Ao fim, Enríquez-Ominami fez uma longa pergunta a Dilma, cuja transcrição se faz necessária.
“A China tem uma história, uma política exterior de grande respeito à autodeterminação dos povos. Inclusive, no Chile, não rompeu as relações com Pinochet. Pragmáticos. Sempre foram pragmáticos. Agora, no debate que vem para América Latina e o Caribe – golpeados pelo vírus, as crises sanitária e política –, a pergunta é qual é o melhor sócio para América Latina e o Caribe? Uma democracia norte-americana decadente e complicada, ou um sistema político que tem pouco ou nada a ver com as democracias sul-americanas? É uma pergunta que os norte-americanos fazem. O normal é que sejamos sócios da democracia de Tocqueville, a democracia norte-americana e não de um sistema de partido único. Como responde, uma líder política como você, à ideia de que o sócio natural da América Latina é a China e não tem um sistema democrático liberal representativo como o nosso?”
Tão longa quanto a pergunta é a resposta. Que igualmente merece transcrição. É algo meio confuso, mas importante.

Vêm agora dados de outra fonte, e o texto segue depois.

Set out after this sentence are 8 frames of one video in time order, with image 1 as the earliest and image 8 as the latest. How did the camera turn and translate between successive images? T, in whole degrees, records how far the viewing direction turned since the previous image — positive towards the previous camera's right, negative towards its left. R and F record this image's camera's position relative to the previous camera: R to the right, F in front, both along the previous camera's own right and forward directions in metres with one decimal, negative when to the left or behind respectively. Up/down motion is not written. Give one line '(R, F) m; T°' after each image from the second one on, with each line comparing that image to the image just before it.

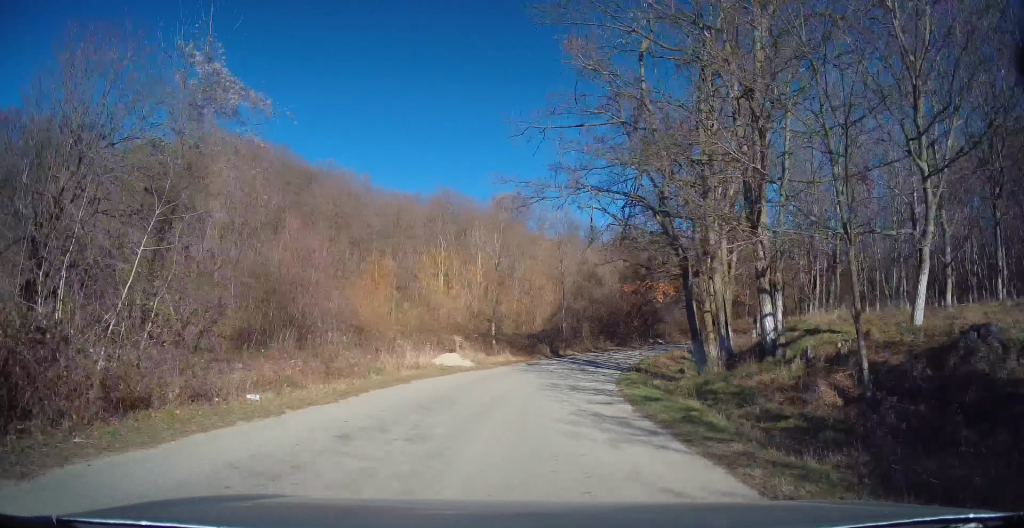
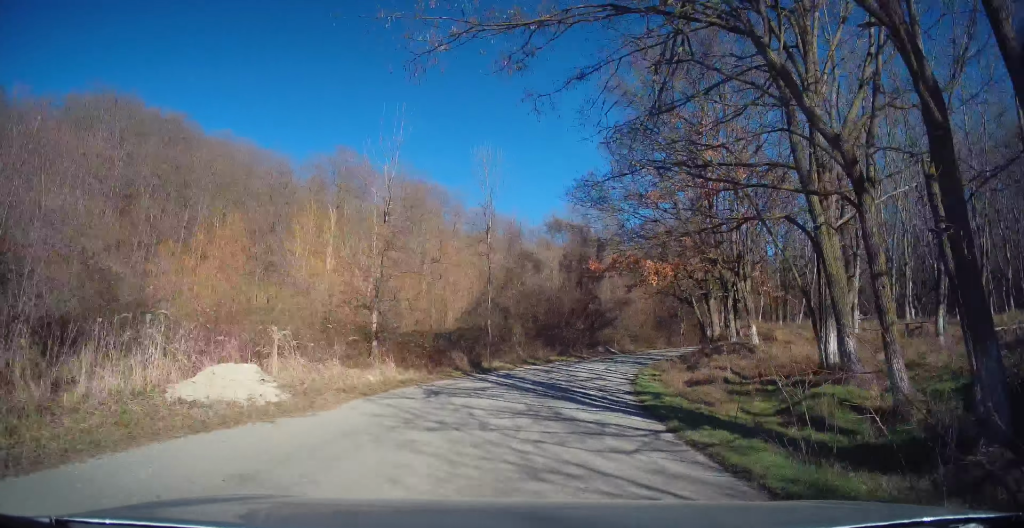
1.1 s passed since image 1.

“Os Estados Unidos não querem sócios na América Latina. Querem subordinados. Então, isso não é uma questão de... sabe... sabe aquela... não é uma questão de vontade. É o que a realidade permite a todos nós latino-americanos, ao longo de nossa história, vejamos. A China, de fato, não é uma democracia liberal. Não é em definitivo. Não é. Quem falar que é está completamente fora de foco. A China de fato é controlada pelo Partido Comunista Chinês. Como disse aquele primeiro-ministro de Cingapura, que também conversava tanto com a China e os Estados Unidos: ‘Há uma incompreensão sobre o Partido Comunista Chinês. Ele é um partido civilizatório’. Por quê? Ele (o PCCh) está enquadrado em toda a tradição de civilização da China. Sabe o que a China acha? Pelo menos é o que eu penso. Eu acho a China totalmente pragmática como você disse. Porque a China, que era o centro do mundo... Qual é a visão que a China tem de si mesma? E ainda hoje tem. (...) Não passa pela cabeça da China interferir na forma pela qual internamente as pessoas escolhem a sua organização social, econômica, política e sua cultura. Acho que há uma diferença (em relação aos Estados Unidos) de aproximação, de visão (de política externa). O próprio (ex-secretário de estado Henry) Kissinger mostrava que a estratégia da China é diferente da nossa. O jogo estratégico ocidental mais complexo é o xadrez que tem como objetivo cercar a rainha e matar o rei. (...) O jogo chinês de estratégia mostra que a melhor forma de ganhar é conquistar não lutar. (...) Temos que entender que eles não têm a mesma visão religiosa nossa. Esse é o realismo chinês. Acho que é a maior prova de realismo chinês. O chinês é confucionista na vida pública, taoísta na vida privada e budista na morte. Mostra um realismo assustador”.
“Uma desfaçatez total”, concluiu Dilma.